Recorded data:
>>>>>

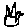
Label: bird
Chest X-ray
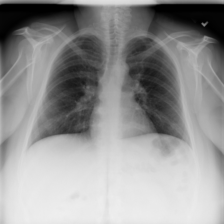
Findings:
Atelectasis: negative
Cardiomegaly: negative
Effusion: negative
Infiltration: negative
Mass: negative
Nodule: negative
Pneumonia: negative
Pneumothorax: negative
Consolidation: negative
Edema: negative
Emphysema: negative
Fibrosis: negative
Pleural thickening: negative
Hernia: negative
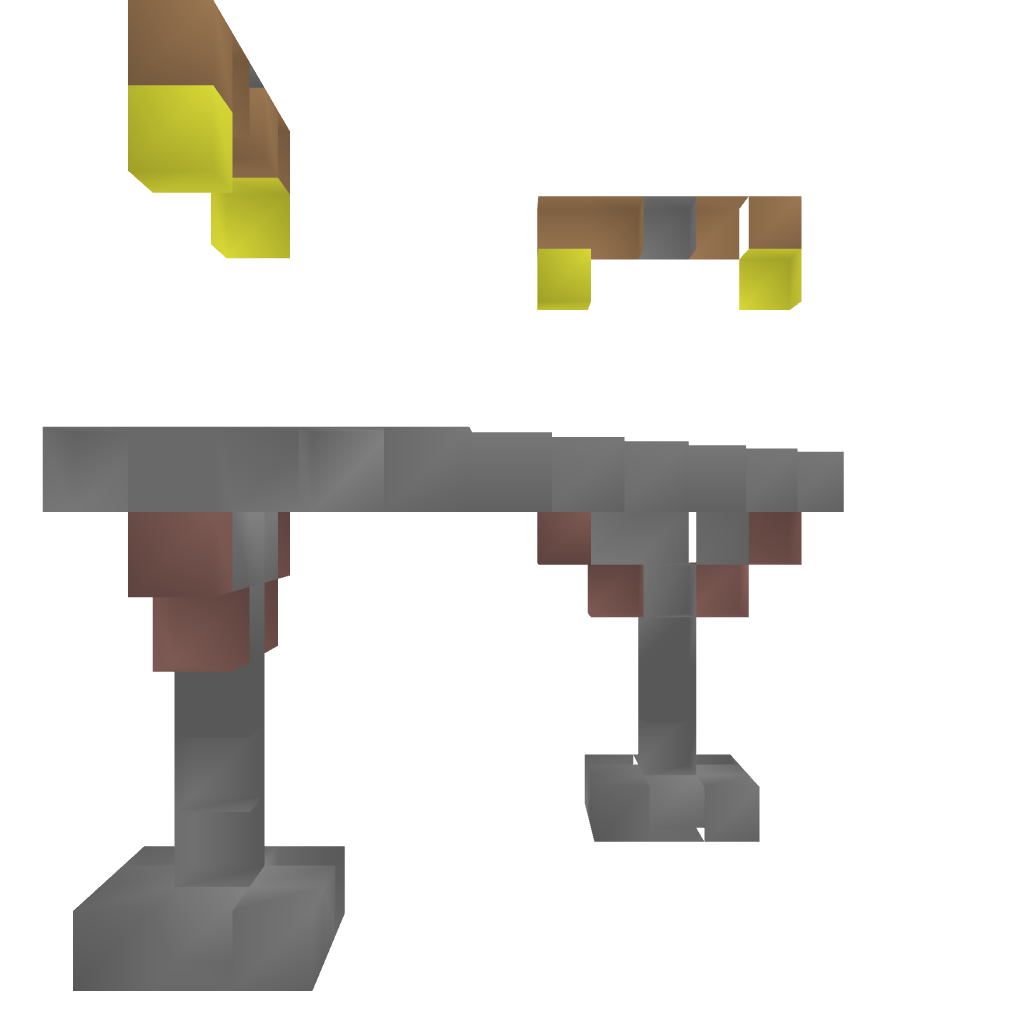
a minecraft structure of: Raised Railway Turn bad low quality
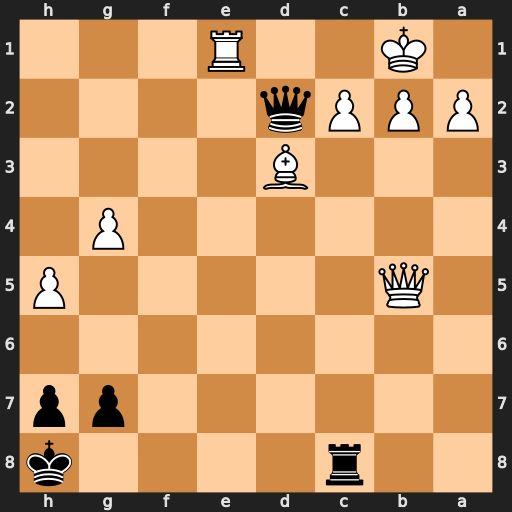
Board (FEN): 2r4k/6pp/8/1Q5P/6P1/3B4/PPPq4/1K2R3
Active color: b
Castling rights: -
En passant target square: -
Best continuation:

<<<<<

▸ REQUIRED WORK
Set down exactly the lines beginning at the one that holds "Board (FEN): 2r4k/6pp/8/1Q5P/6P1/3B4/PPPq4/1K2R3" and ending with the last line of the data.

▸ TASK ANSWER
Board (FEN): 2r4k/6pp/8/1Q5P/6P1/3B4/PPPq4/1K2R3
Active color: b
Castling rights: -
En passant target square: -
Best continuation:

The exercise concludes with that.